For these reasons, machine learning models are a more effective way to leverage and combine biomarkers information into a so-called score or signature8. These models offer the possibility to aggregate multiple features and learn the best way to combine them to predict the target (e.g., survival, risk of relapse, response to treatment). However, not any model can be used since the target value is often censored (e.g., we know that the patient was alive until a certain date, but then we do not know if he died, and when). Machine learning models specifically designed or adapted for censored data must thus be used. The Cox proportional hazard model is frequently used since it effectively handles censored outcome, controls for confounders, and is interpretable. The weights of the model (hazard ratios) can easily be shared (e.g., as a nomogram), which makes the Cox model an easy-to-use and versatile tool to build and share signatures. Yet, Cox models have their own limitations, as they assume a linear relationship between the log-hazard and the continuous explanatory variables, and they are sensitive to collinearity9. Many traditional machine learning models have also been adapted to handle censored data (e.g., tree-based models, SVMs)10.

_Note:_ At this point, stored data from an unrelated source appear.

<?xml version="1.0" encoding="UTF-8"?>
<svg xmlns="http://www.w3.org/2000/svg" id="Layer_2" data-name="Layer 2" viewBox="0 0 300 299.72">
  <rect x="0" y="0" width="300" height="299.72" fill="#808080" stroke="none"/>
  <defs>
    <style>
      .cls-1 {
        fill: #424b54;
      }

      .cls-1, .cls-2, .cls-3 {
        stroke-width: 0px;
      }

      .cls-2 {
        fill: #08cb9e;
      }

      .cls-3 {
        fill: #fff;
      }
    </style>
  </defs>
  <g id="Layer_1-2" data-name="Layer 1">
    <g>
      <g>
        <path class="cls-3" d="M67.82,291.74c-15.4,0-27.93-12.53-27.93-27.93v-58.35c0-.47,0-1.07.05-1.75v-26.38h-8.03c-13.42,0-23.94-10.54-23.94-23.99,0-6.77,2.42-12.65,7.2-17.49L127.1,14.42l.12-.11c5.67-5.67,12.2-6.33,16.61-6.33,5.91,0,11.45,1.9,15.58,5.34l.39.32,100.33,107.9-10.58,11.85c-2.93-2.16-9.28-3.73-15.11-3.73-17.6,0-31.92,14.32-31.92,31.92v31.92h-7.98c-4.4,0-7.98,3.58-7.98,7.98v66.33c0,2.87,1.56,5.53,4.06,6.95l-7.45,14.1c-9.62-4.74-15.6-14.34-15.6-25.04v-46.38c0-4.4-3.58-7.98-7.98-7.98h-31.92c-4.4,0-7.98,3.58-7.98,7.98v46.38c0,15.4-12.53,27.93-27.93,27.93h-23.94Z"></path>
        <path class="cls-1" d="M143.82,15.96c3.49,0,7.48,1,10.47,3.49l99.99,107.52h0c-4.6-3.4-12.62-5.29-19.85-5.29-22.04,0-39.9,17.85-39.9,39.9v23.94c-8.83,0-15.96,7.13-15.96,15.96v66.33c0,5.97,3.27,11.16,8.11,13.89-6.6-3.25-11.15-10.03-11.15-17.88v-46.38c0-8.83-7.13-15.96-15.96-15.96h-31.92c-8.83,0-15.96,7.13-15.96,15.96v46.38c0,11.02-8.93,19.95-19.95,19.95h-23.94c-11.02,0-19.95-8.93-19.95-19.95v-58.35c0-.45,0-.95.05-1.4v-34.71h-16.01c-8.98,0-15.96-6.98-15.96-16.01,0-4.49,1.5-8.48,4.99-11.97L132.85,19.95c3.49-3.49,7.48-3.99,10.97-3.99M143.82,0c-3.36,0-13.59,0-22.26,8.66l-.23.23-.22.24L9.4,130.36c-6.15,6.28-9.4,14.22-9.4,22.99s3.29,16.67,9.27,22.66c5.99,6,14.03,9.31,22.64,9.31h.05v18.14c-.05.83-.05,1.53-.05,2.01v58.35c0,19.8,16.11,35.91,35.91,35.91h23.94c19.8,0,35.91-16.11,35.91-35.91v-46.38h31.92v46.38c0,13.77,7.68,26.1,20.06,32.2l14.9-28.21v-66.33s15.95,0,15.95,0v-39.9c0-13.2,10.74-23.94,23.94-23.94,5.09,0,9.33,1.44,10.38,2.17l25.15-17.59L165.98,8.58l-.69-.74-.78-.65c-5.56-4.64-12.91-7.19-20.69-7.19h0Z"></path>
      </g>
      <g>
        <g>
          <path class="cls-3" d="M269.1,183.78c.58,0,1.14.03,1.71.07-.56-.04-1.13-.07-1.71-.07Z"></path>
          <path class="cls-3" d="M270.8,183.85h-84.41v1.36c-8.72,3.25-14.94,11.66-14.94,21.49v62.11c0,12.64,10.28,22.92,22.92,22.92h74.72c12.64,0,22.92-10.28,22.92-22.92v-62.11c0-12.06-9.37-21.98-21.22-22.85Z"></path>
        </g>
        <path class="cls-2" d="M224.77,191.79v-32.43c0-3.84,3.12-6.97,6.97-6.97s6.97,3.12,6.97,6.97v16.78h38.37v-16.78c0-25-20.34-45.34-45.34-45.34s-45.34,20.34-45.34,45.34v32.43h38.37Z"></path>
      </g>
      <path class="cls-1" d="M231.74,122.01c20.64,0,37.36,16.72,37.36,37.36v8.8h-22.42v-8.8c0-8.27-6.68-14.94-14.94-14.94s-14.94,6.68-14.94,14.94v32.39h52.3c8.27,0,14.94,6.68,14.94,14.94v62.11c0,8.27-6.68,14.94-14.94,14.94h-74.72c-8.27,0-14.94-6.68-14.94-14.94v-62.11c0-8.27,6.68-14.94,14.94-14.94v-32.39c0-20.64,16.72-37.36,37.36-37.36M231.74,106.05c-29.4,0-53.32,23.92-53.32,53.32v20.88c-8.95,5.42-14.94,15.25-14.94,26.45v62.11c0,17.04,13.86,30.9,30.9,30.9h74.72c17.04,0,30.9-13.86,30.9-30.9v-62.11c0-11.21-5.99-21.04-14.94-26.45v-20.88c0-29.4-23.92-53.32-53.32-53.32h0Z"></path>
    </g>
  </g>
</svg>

A major challenge of machine learning based signatures is to make them robust enough with respect to slight technical changes in the data: a model trained on data from one center might not work well on data from another center, even if the patient population is similar. This is a well-known problem in machine learning, referred to as overfitting. Training models on medical datasets is prone to overfitting11, because of the often-limited number of training examples12, of the many features and feature combinations that are tested and of the inherent complexity and noise in the target to predict, such as overall survival, which is frequently censored.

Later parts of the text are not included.